Here, we can adjust the argument legend_buffer, which indicates the amount of ggplot2 units to move the legend “inwards” by. We can also slightly increase legend_spacing, an argument specifying the vertical distance between circles in the legend.

# the previous arguments have to be maintained!
pbmc_expansion_plot <- clonal_expansion_plot(
  pbmc,
  legend_buffer = 3,
  legend_spacing = 0.6,
  repulse = TRUE,
  verbose = FALSE
)
pbmc_expansion_plot

We can even change the circle (clone) sizes displayed in the legend by changing the vector legend_sizes:

pbmc_expansion_plot <- clonal_expansion_plot(
  pbmc,
  legend_sizes = c(1, 5, 25, 50),
  legend_buffer = 3,
  legend_spacing = 0.6,
  repulse = TRUE,
  verbose = FALSE
)
pbmc_expansion_plot

More details about these arguments can be read in the function documentation.

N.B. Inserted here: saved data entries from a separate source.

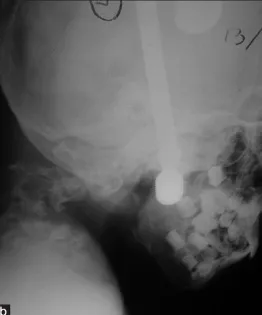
A 8-year-old boy presented with cervical kyphosis and inability to walk. After skull traction, radiograph (b) shows some degree of kyphotic correction.
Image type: radiology (x_ray)
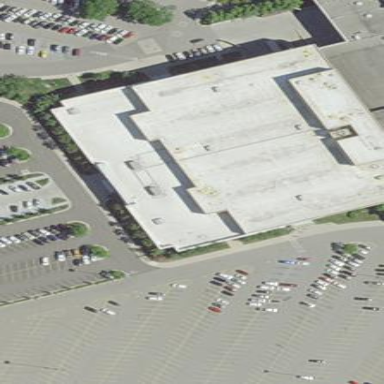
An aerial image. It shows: Part of building.
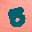
Label: 5

Adjusting and customizing circle size and scaling

So far, the sizes of the individual circles (clones) have seemed to look quite pleasant, fitting roughly into their UMAP cluster centroids snugly. However, this may not always be the case. A likely very common issue upon the initialization of the plot with default arguments is that the circles may be too small or too large.

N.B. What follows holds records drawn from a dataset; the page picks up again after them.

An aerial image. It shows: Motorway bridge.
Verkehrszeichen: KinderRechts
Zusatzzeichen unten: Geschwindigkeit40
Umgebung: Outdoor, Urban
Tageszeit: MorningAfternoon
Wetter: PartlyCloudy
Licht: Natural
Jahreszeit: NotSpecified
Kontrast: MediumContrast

In these cases, the argument clone_scale_factor should be changed. The argument defaults to 0.1, which is the multiplicative scale factor for the square root radius of a clone. So if a clone size is four, and the factor is 0.1, then the actual radius of the circle on the plot would be sqrt(4) * 0.1 which equates to 0.2.

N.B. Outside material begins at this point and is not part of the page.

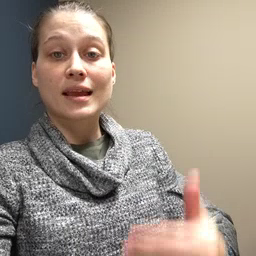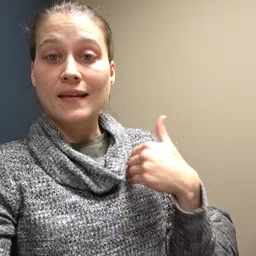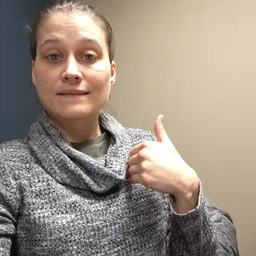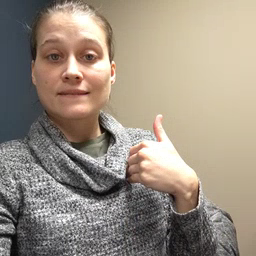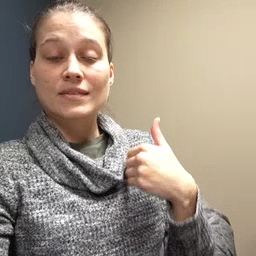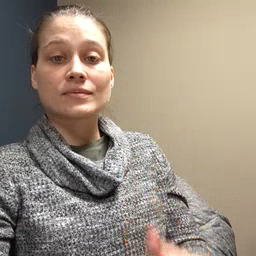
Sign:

Additionally, rad_scale_factor can optionally be changed to adjust the intra-circular spacing. The factor defaults to 0.95 and indicates the multiplicative amount to adjust the radius of the circles after they have been placed. decreasing this value (slightly) will basically make each circle smaller in place, increasing the spacing between then,

For demonstration sake, we’ll change the clone_scale_factor to 0.07 and rad_scale_factor to 0.9:

pbmc_expansion_plot <- clonal_expansion_plot(
  pbmc,
  clone_scale_factor = 0.07,
  rad_scale_factor = 0.9,
  legend_sizes = c(1, 5, 25, 50),
  legend_buffer = 3,
  legend_spacing = 0.6,
  repulse = TRUE,
  verbose = FALSE
)
pbmc_expansion_plot

Other possible modifications

There are a few other arguments this vignette did not cover which can be read in the function documentation. However, to end off, one more important argument to consider is use_default_theme = TRUE. It makes the plot have the same axis labels and general theme as the original UMAP plot. If this isn’t to your liking or you want to customize the plot your own way (since clonal_expansion_plot generates a ggplot object!), simply set it to FALSE and you’ll have a very minimally themed plot:

clonal_expansion_plot(
  pbmc,
  use_default_theme = FALSE,
  clone_scale_factor = 0.07,
  rad_scale_factor = 0.9,
  legend_sizes = c(1, 5, 25, 50),
  legend_buffer = 3,
  legend_spacing = 0.6,
  repulse = TRUE,
  verbose = FALSE
)

Additionally, if you really want the plot to reflect the original UMAP plot, you could try using ggplot2’s xlim and ylim functions.

Final product

That’s about it for the most basic functionalities of the clonal expansion visualization function. Remember to save the plot first as an .svg file for maximal resolution, and it should be publication ready.

For fun, here’s a side-by-side comparison of the UMAP plot and the clonal expansion plot:

library(ggplot2)
library(cowplot)

cowplot::plot_grid(
  umap_plot + ggtitle("scRNA-seq UMAP"),
  pbmc_expansion_plot + ggtitle("APackOfTheClones clonal expansion plot"),
  labels = "AUTO"
)

How do I reproduce the plots in this vignette?

If you really want to reproduce the plots and code in this vignette, you will need to install the data used in this vignette which has been compiled in an R package SCIPData (Single Cell Immune Profiling Data). You can do so with the following code

# install the data package
library(devtools)
devtools::install_github("Qile0317/SCIPData")

# load the package data directly into R objects in memory
data("pbmc", "tcr_dataframe")

And the rest of the code can be copied and used accordingly.

Alternatively, there are two smaller, minimal, artificial versions of the seurat object and clonotype data that can be loaded in APackOfTheClones, run ?mini_seurat_obj and ?mini_clonotype_data for more details.